/ movies music

nirvana

Once upon a time there was grunge…

by Independent Staff

If you are in your late twenties – and/or older – you surely had the chance to live first hand the grunge explosion, between early Nineties and mid Nineties. It started in the second half on the Eighties and, by 1993, the rock landscape was changed in a permanent way, thanks to bands like Nirvana, Soundgarden, Pearl Jam, Mudhoney and hundreds of others.

It was – indeed – a live, pulsating, exciting season for music, made of new sounds, but also older ideas brought back to life with a different attitude and spirit (both the lessons of early hard rock and punk rock, for instance). But, as soon as Nirvana became huge, the music industry started hunting for the next Nirvana and signed loads of bands – from the best of the underground scene, to the fake ones trying to jump on the bandwagon.
And then things started to get ugly. In a few years grunge was just yesterday’s history: a few of the biggest bands managed to keep on releasing records for major labels, while the others had two options: die or get back to the underground.

Hype! is a documentary by Doug Pray, from 1996, tracing the story of the Seattle music scene from the mid Eighties and portrays the latest moments before the descending curve of the grunge phenomenon – with plenty of interviews with bands and people involved in the making of that scene. And many minor bands and characters too, besides the “obvious suspects” and heavyweights.
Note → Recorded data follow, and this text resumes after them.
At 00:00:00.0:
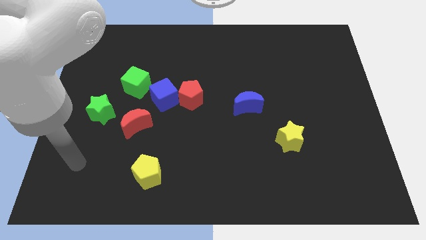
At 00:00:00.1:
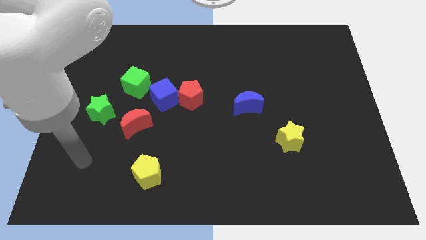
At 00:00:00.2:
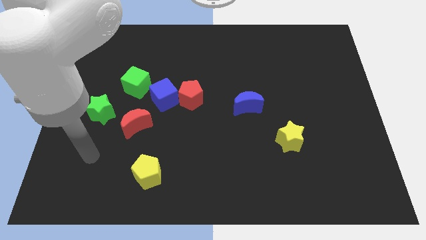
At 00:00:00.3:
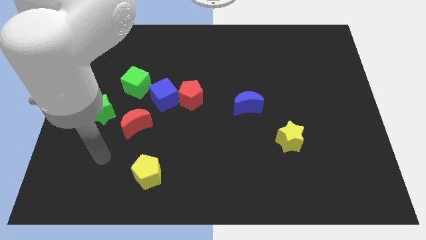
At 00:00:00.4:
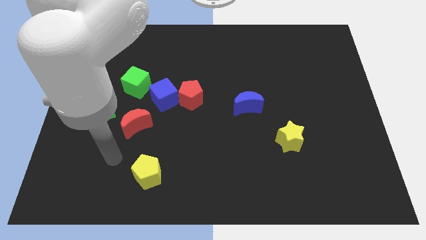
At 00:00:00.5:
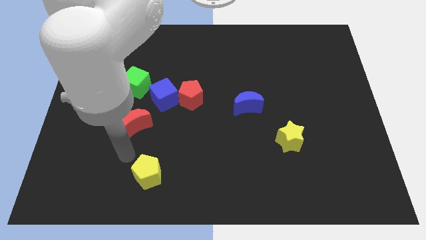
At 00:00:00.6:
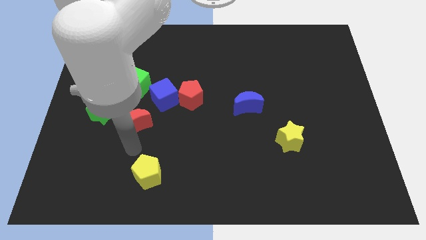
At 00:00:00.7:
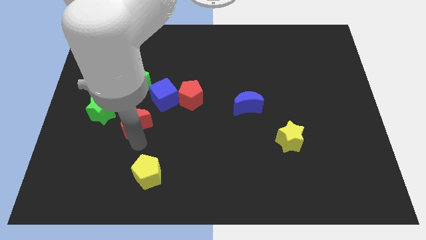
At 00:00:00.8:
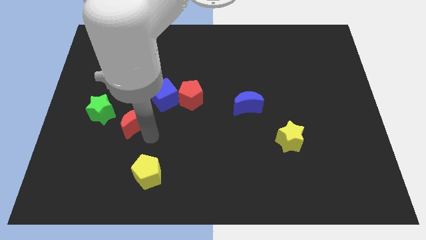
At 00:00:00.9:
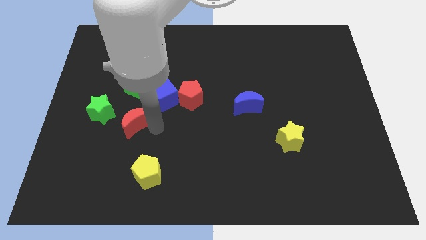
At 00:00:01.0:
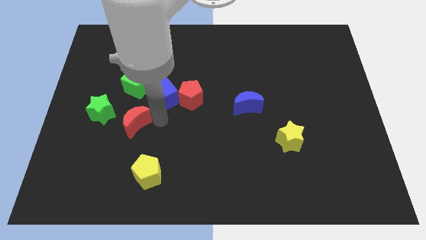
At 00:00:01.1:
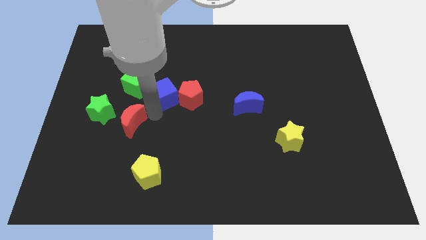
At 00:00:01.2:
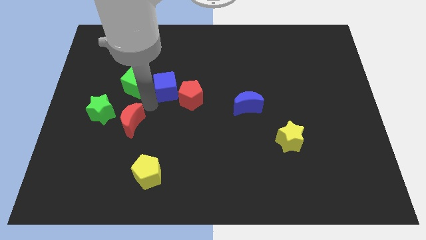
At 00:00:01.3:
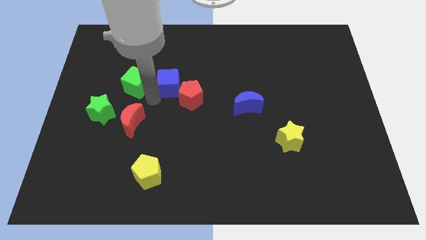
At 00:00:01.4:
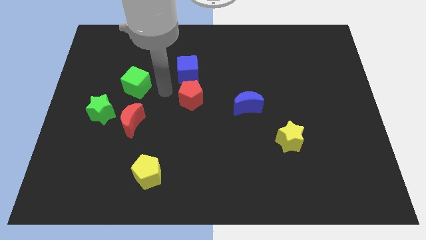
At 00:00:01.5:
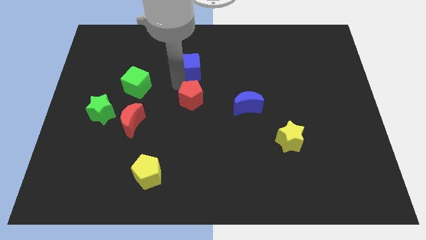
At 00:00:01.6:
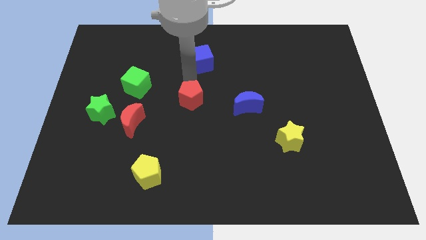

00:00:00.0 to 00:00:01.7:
move the red pentagon away from the blue cube

Pray says: “We were filming bands who had before then been completely ignored by the mainstream media. Part of that is a practical reality that we couldn’t immediately go up there and film Soundgarden. So we filmed the bands that I knew and that my friends knew. That was one thing that actually confused the heck out of our investors who were like, ‘Who’s Gas Huffer? Why did we just spend ten thousand feet of film filming a band named Gas Huffer?’. To me, I thought it was great. This is really cool, this is the real Seattle scene“.